Sometimes, it’s easier for them to encourage a presenter to discover your work.

As a presenter, every email request for a meeting brings with it the possibility of a new relationship. What incredible artist and brilliant idea might be behind the words?

We must be always looking and always open to the unknown and the unproven.

We must make safe spaces for risk to happen.

Exactly what Performing Lines WA has done with this CREATIVE HUB.

I’m very aware we’re all sitting now with so many unknowns.

We’re feeling vulnerable. What are we fighting for?

A return to how things were, or a fundamental reset?

I leave part of that question hanging for the next session about decolonising art spaces.

TO NOW

I haven’t read or heard any tangible solutions to the massive threat that Covid poses to the RELATIONSHIP we all thrive on between artists and audiences.

Sure, we can consider work for the digital realm. We can make work for the camera. We can take work outdoors.

I wish that I had some genius idea to offer as a way forward;

Instead, to finish I’m going to indulge in a moment of nostalgia.

June 2018

A full house. The Royal Court Theatre in London

The show – Notes from the Field

In a virtuosic two-and-a-half-hour solo the astonishing American documentary theatre maker Anna Deveare-Smith depicted the personal accounts of “broken people” living in a “broken system” that fast tracks black men, and Latinos and First Nations people into a pipeline from school to prison. (all too familiar in Australia).

A harrowing journey inside the American justice system, a recurring motif of young black men being stalked by police or running for their lives.
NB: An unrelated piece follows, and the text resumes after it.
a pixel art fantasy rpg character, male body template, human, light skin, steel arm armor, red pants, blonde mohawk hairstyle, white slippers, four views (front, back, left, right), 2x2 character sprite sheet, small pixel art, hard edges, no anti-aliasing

In the final monologue – delivered at a memorial service Anna Deveare-Smith inhabited the voice of Congressman and civil rights leader John Lewis.
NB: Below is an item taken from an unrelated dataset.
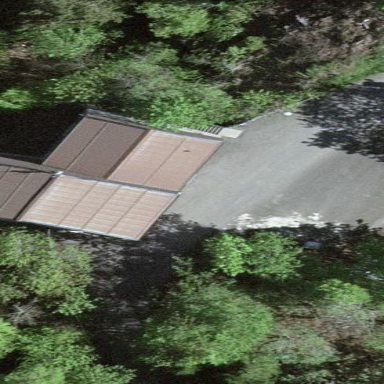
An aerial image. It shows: Transportation building.
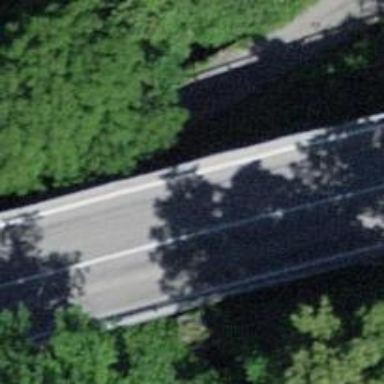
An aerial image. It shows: Asphalt road on secondary bridge.

He recalls the Selma march of 1965 speaking of forgiveness and brotherhood as Smith invokes the audience to sing.

With her lead, the entire audience rose to its feet and sang AMAZING GRACE. We were that congregation.

And then no one left the theatre.

That memory, for me, is a reminder of WHY I do what I do.

And I leave you with the words of philosopher and author Iris Murdoch:

A deep motive for making… art is the desire to defeat the formlessness of the world and cheer oneself up by constructing forms out of what might otherwise seem a mass of senseless rubble.”

In everything we do, we acknowledge that we live on Aboriginal land and constantly learn from the wisdom of First Peoples.

Where we are and the history that precedes us informs how we work and how we move forward.